Rauschenberg would love this discussion. The debate on what art is, what should be in a gallery, is exactly what the White Paintings are about.

35   Heraclitusstudent   2017 Apr 4, 10:24pm  

marcus says

If I don't understand art, or it is not interesting even on an aesthetic level to me, then I declare that it is not art.
Why ? Because I have a big ego, and I have declared myself arbiter of such things.

Ok, I agree with you, but when a moron produces a completely blank canvas and justifies it by claiming 'light is enough for us', do we leave it him the benefit of the doubt, buy his art and put it in a museum, or do we declare ourselves arbiters and call it the BS it obviously is?

36   Heraclitusstudent   2017 Apr 4, 10:28pm  

Rew says

Does it matter if there is a faker? At a book club if someone is representing a false love of a book they read, and being disingenuous, who does it harm?

I guess it arms the taxpayers that pay for MOMA, or the credulous visitors that gets defrauded.

37   Rew   2017 Apr 4, 10:34pm  

Hera' if you think paintings must be windows, and not objects themselves, than I guess you call BS.

There are some things that cannot be 'done again' in human history and have the same relevance. Dada isn't trying to make something visually pleasing. It's trying to up-end the concepts of art itself. It was born as a reaction to nationalism and class post WWI.

38   Rew   2017 Apr 4, 10:39pm  

Heraclitusstudent says

Rew says

Does it matter if there is a faker? At a book club if someone is representing a false love of a book they read, and being disingenuous, who does it harm?

I guess it arms the taxpayers that pay for MOMA, or the credulous visitors that gets defrauded.

How has a visitor been defrauded? lol ... The museum curators get to put on a show.

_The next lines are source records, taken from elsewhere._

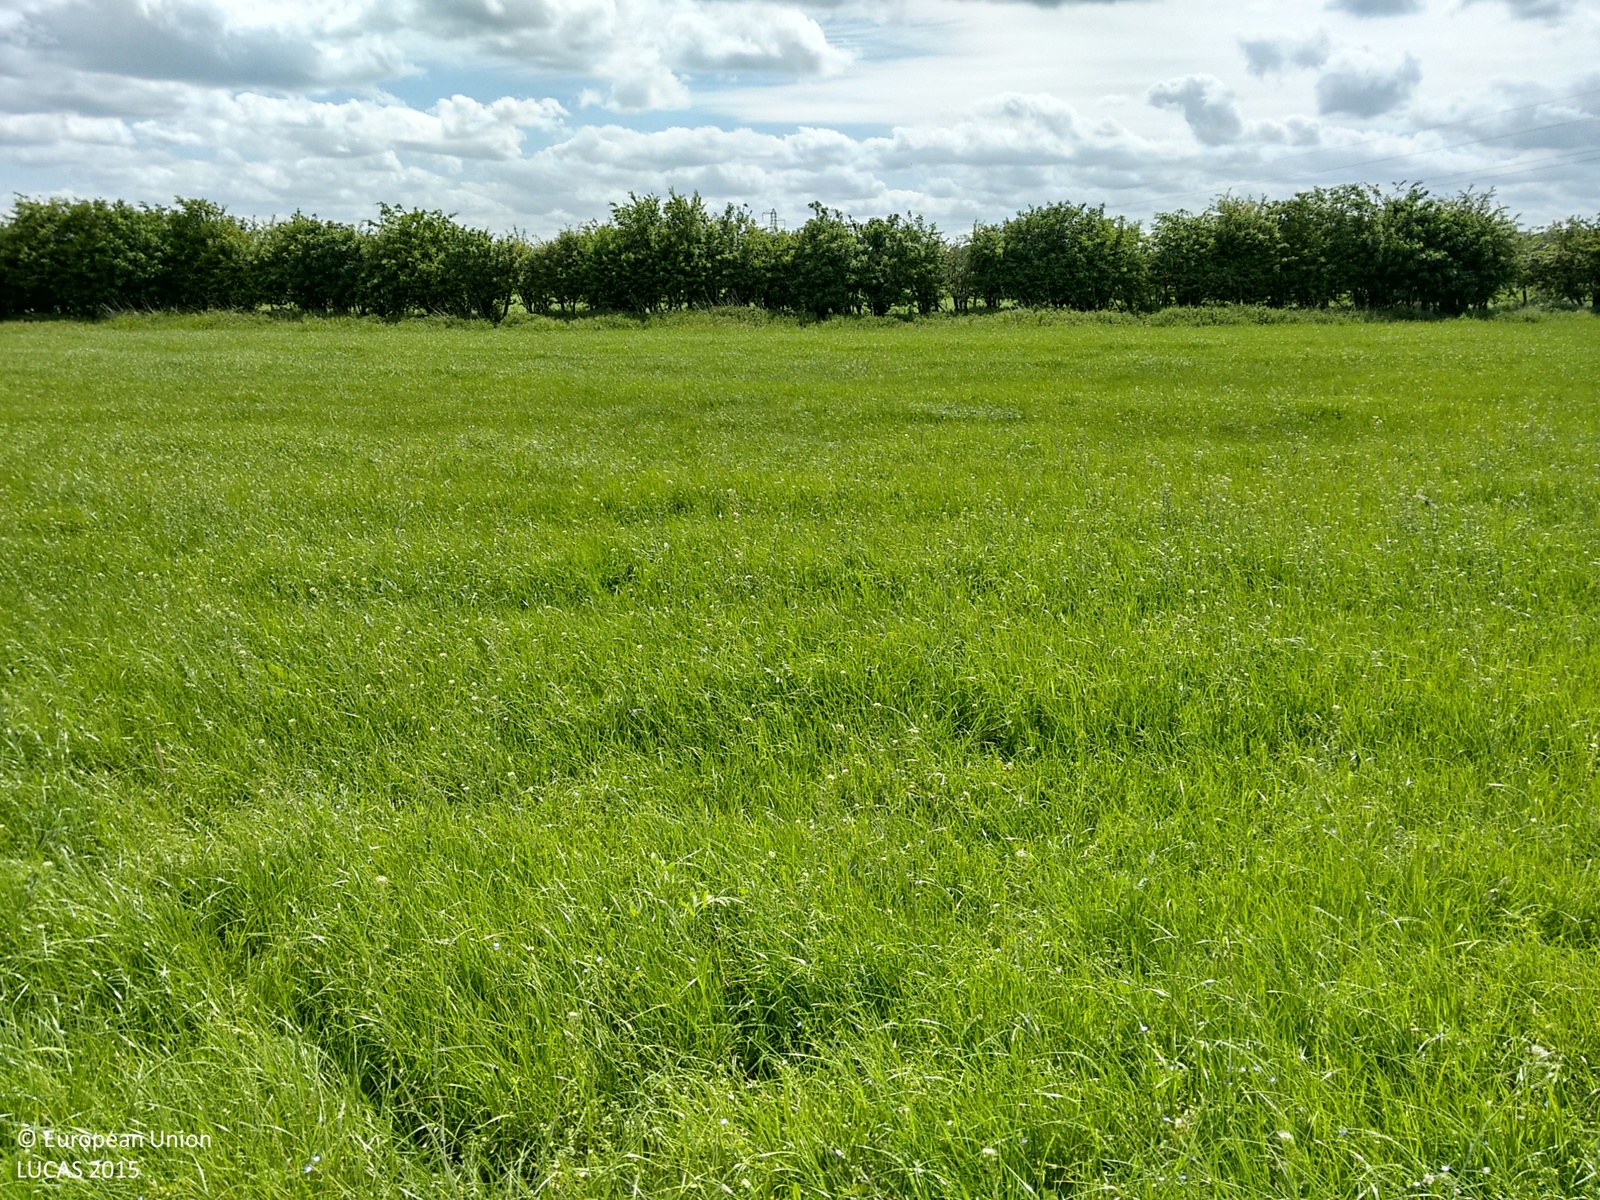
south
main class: Cropland
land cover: Temporary grasslands
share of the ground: > 75 %
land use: Agriculture (excluding fallow land and kitchen gardens)
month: May
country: GB
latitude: 52.1903
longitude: -0.6157

They change it up often from paintings in their stable and others that travel or get loaned.

"I didn't like it."
"That wasn't art."

Who now is the pretentious one?

39   Heraclitusstudent   2017 Apr 4, 10:56pm  

Rew says

Dada isn't trying to make something visually pleasing.

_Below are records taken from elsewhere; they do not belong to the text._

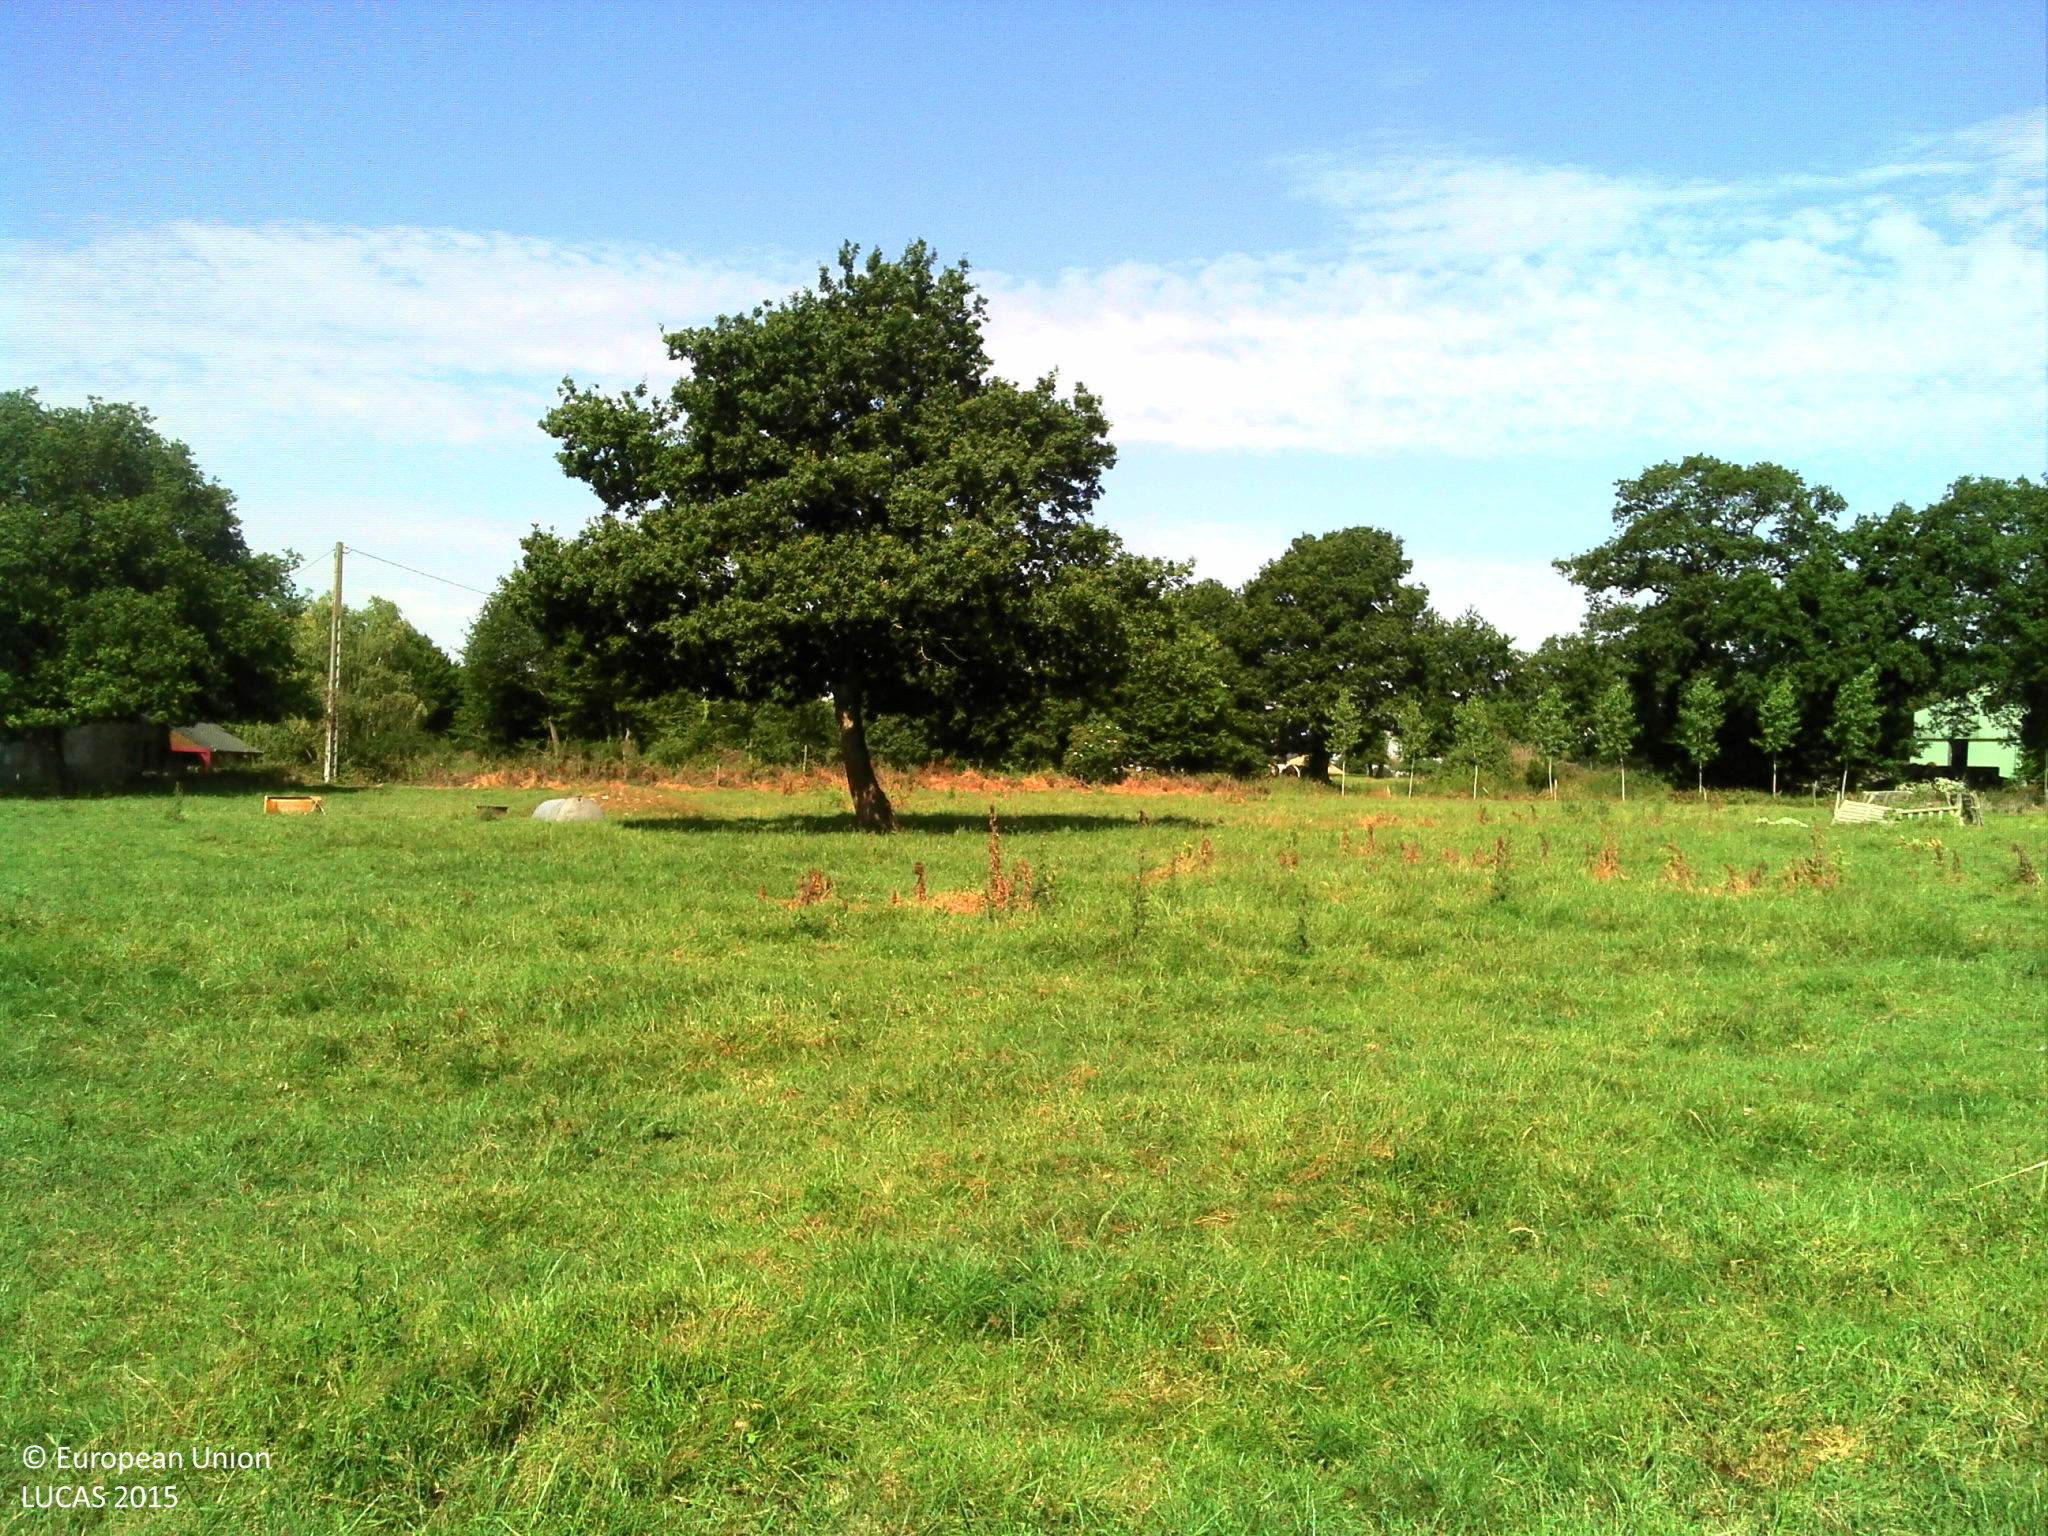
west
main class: Grassland
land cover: Grassland without tree/shrub cover
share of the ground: > 75 %
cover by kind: herbaceous plants 100 %
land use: Agriculture (excluding fallow land and kitchen gardens)
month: June
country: FR
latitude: 47.9760
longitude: -2.0695

I'm not saying art has to be visually pleasing.

Rew says

It's trying to up-end the concepts of art itself.

Trying to define the concept of art is not art. Making a painting as a logical conclusion to a series of paintings is not art. It's maybe a point about the history of art. But not art itself.

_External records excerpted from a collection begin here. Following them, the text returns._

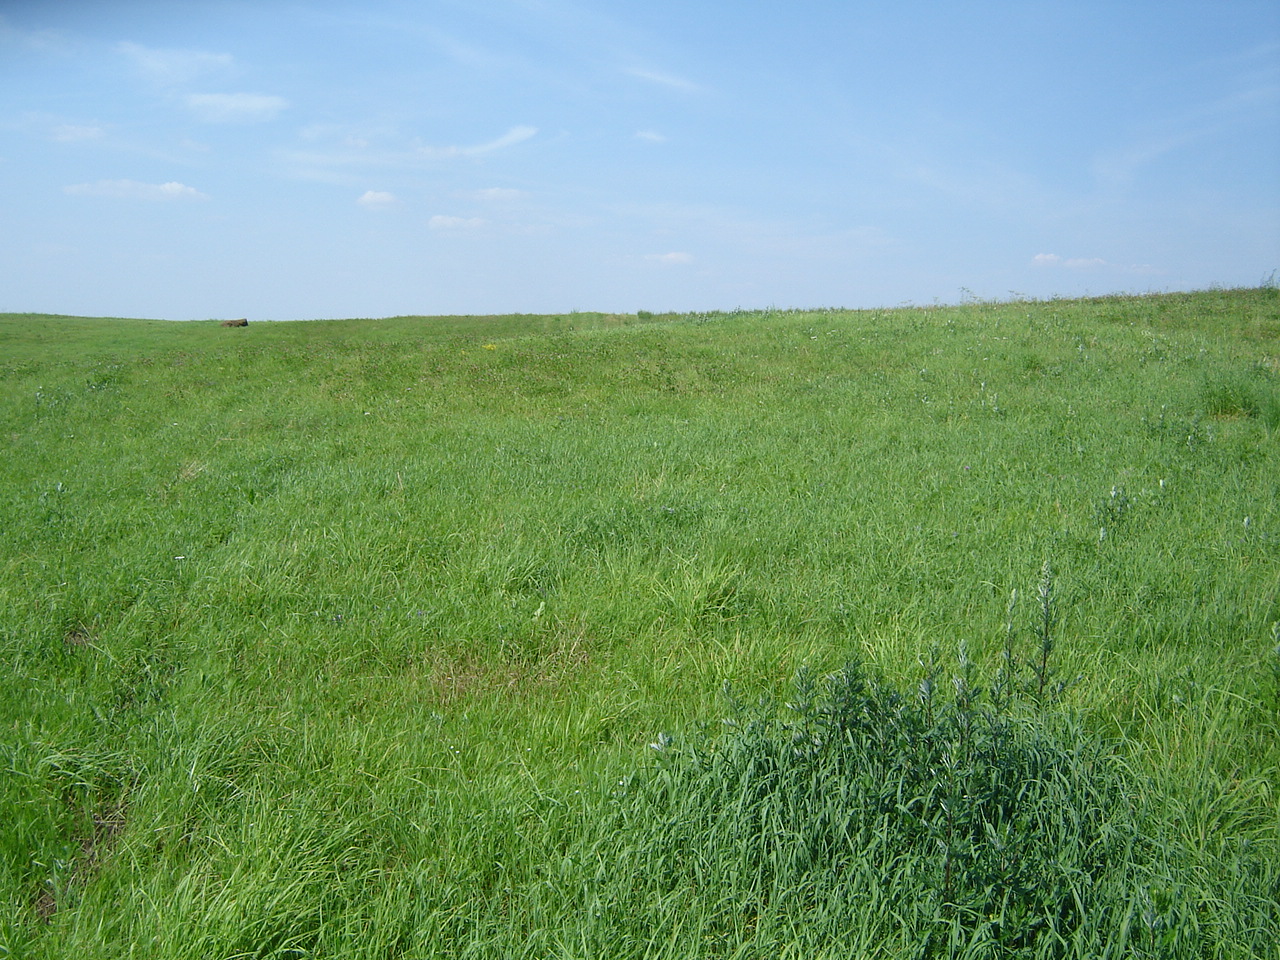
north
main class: Grassland
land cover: Grassland without tree/shrub cover
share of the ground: > 75 %
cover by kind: herbaceous plants 100 %
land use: Agriculture (excluding fallow land and kitchen gardens)
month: August
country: LT
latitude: 55.1553
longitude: 24.9743
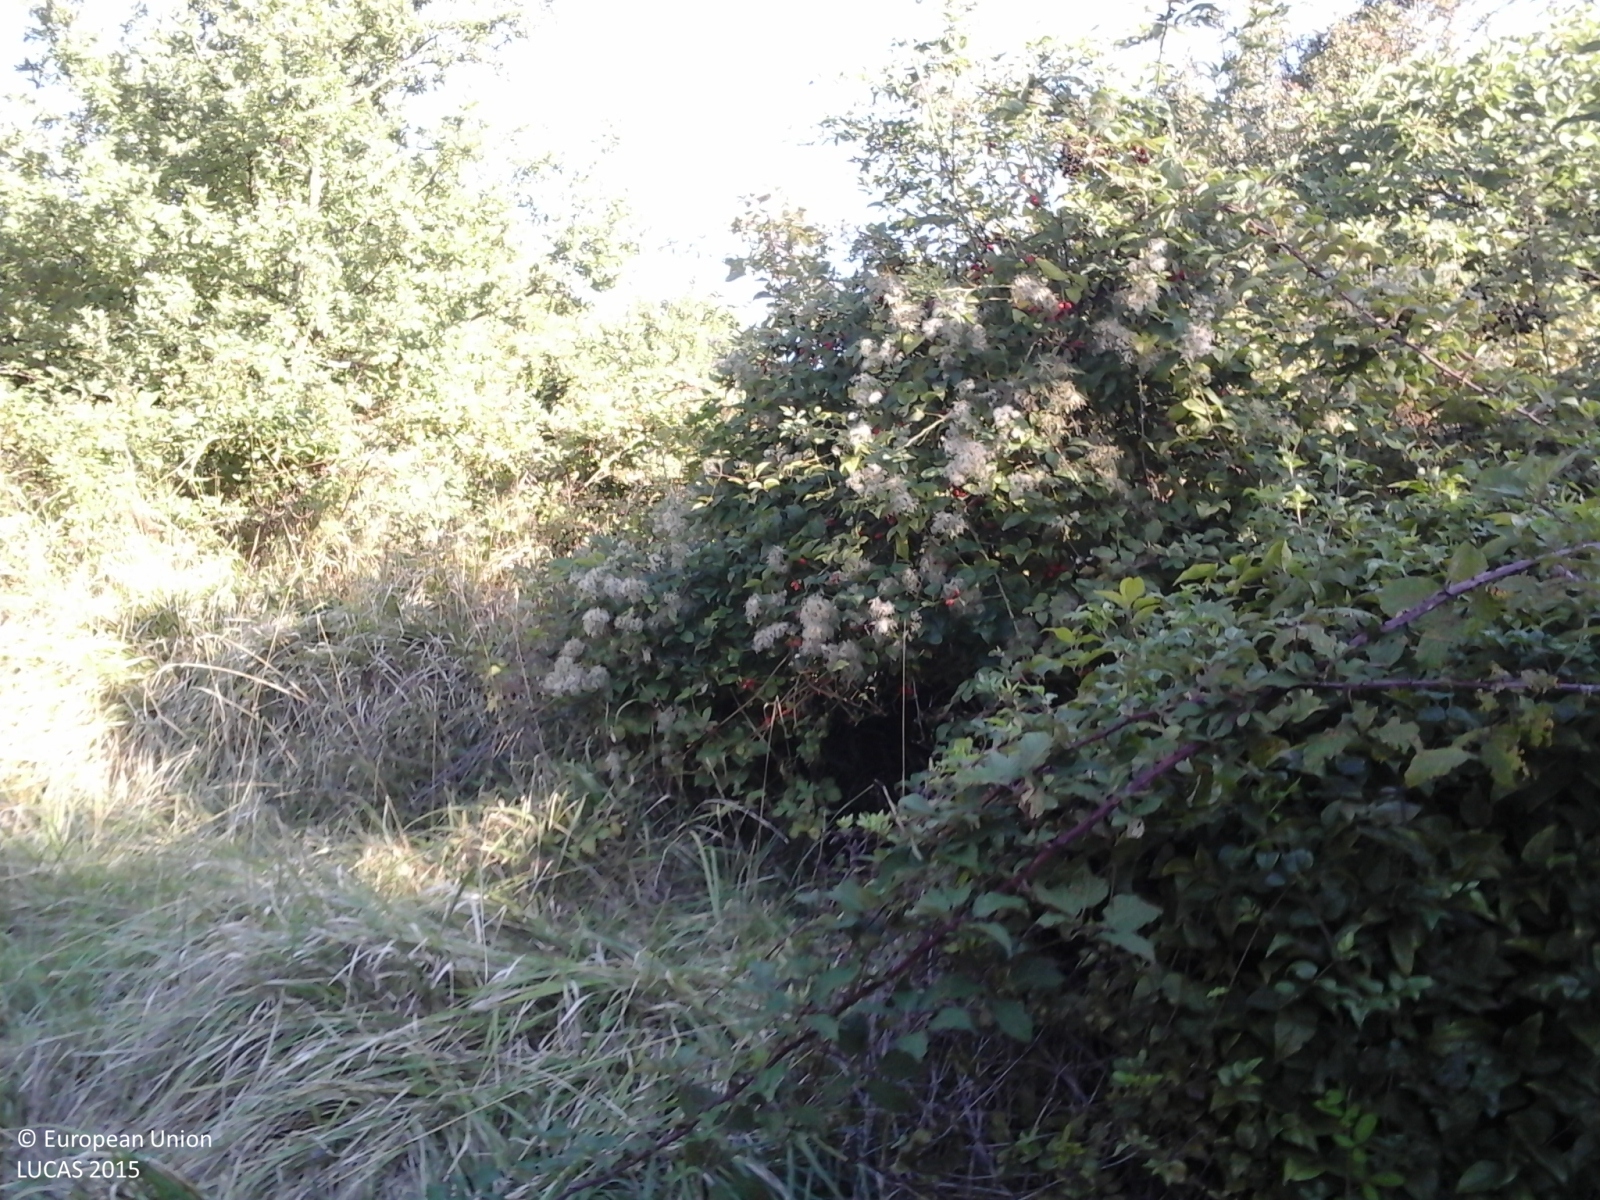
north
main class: Grassland
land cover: Grassland with sparse tree/shrub cover
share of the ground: > 75 %
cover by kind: herbaceous plants 80 %, shrubs 10 %, broadleaved forest trees 5 %, lichens and mosses 5 %
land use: Agriculture (excluding fallow land and kitchen gardens)
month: September
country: IT
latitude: 44.3936
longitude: 8.4843

In fact I would interpret it a giant middle finger agitated at other artists, the entire world of art, and spectators in general.

Rew says

It was born as a reaction to nationalism and class post WWI.

It doesn't say anything about nationalism and class, because well... it doesn't say anything.
It contains literally no information - at an information theory level.

40   Heraclitusstudent   2017 Apr 4, 10:59pm  

Rew says

How has a visitor been defrauded?

Because visitors pay and look at this, scratch their heads, feel nothing, know it's not art.
The artists presented, are in fact artists: Con artists.